Greatest hits album by George Strait
- Released: November 13, 2007
- Recorded: 1981–2007
- Genre: Country
- Length: 71:51
- Label: MCA Nashville
- Producer: Jimmy Bowen Tony Brown Blake Mevis George Strait

George Strait chronology
| Live at Texas Stadium (2007) | 22 More Hits (2007) | Troubadour (2008) |

= 22 More Hits =

22 More Hits is a 2007 compilation album by American country music artist George Strait.

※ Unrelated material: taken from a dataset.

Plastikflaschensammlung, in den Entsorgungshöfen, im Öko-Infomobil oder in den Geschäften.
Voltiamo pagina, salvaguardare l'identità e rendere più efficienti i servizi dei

A follow-up of Strait's 2004 compilation 50 Number Ones, it comprises hits that otherwise did not reach Number One (except for "She Let Herself Go") on any country charts, from his 1981 debut single "Unwound" to his most recent single at the time of the album's release, "How 'bout Them Cowgirls". Unlike 50 Number Ones, this collection consists of only one disc instead of two, no new songs were recorded, and none of the tracks have been edited for time or are in chronological order.

Professional ratings
Review scores
| Source | Rating |
| About.com |  |
| Allmusic |  |
| The Music Box |  |
| PopMatters |  |

== Track listing ==

| No. | Title | Writer(s) | "BBC" | Length |
|---|---|---|---|---|
| 1. | "How 'bout Them Cowgirls" | Casey Beathard, Ed Hill | 3 | 3:56 |
| 2. | "Amarillo by Morning" | Terry Stafford, Paul Fraser | 4 | 2:53 |
| 3. | "The Fireman" | Mack Vickery, Wayne Kemp | 5 | 2:35 |
| 4. | "Gone as a Girl Can Get" | Jerry Max Lane | 5 | 3:16 |
| 5. | "When Did You Stop Loving Me" | Donny Kees, Monty Holmes | 6 | 2:49 |
| 6. | "Marina del Rey" | Dean Dillon, Frank Dycus | 6 | 3:04 |
| 7. | "Desperately" | Bruce Robison, Monte Warden | 6 | 4:07 |
| 8. | "The Cowboy Rides Away" | Sonny Throckmorton, Casey Kelly | 5 | 3:21 |
| 9. | "Lovebug" | Kemp, Curtis Wayne | 8 | 2:51 |
| 10. | "Cowboys Like Us" | Bob DiPiero, Anthony Smith | 2 | 3:39 |
| 11. | "She Let Herself Go" | Dillon, Kerry Kurt Phillips | 1 | 3:18 |
| 12. | "You'll Be There" | Cory Mayo | 4 | 4:18 |
| 13. | "Don't Make Me Come Over There and Love You" | Jim Lauderdale, Carter Wood | 17 | 2:05 |
| 14. | "What Do You Say to That" | Lauderdale, Melba Montgomery | 4 | 2:59 |
| 15. | "Drinking Champagne" | Bill Mack | 4 | 3:35 |
| 16. | "You're Something Special to Me" | David Anthony | 4 | 3:20 |
| 17. | "Meanwhile" | Wayland Holyfield, J. Fred Knobloch | 4 | 3:30 |
| 18. | "Adalida" | Mike Geiger, Woody Mullis, Michael Huffman | 3 | 3:37 |
| 19. | "If You Can Do Anything Else" | Billy Livsey, Don Schlitz | 5 | 4:06 |
| 20. | "Unwound" | Dillon, Dycus | 6 | 2:26 |
| 21. | "If You're Thinking You Want a Stranger (There's One Coming Home)" | Blake Mevis, David Wills | 3 | 2:58 |
| 22. | "Overnight Success" | Sanger D. Shafer | 8 | 3:08 |
| Total length: |  |  |  | 71:51 |

== Chart performance ==
The album debuted at number 13 on the U.S. Billboard 200 chart, selling about 80,000 copies in its first week.

=== Weekly charts ===

| Chart (2007) | Peak position |
|---|---|
| US Billboard 200 | 13 |
| US Top Country Albums (Billboard) | 4 |

=== Year-end charts ===

| Chart (2008) | Position |
|---|---|
| US Billboard 200 | 87 |
| US Top Country Albums (Billboard) | 16 |

== Certifications ==

| Region | Certification | Certified units/sales |
| United States (RIAA) | Gold | 500,000^{^} |
^{^} Shipments figures based on certification alone.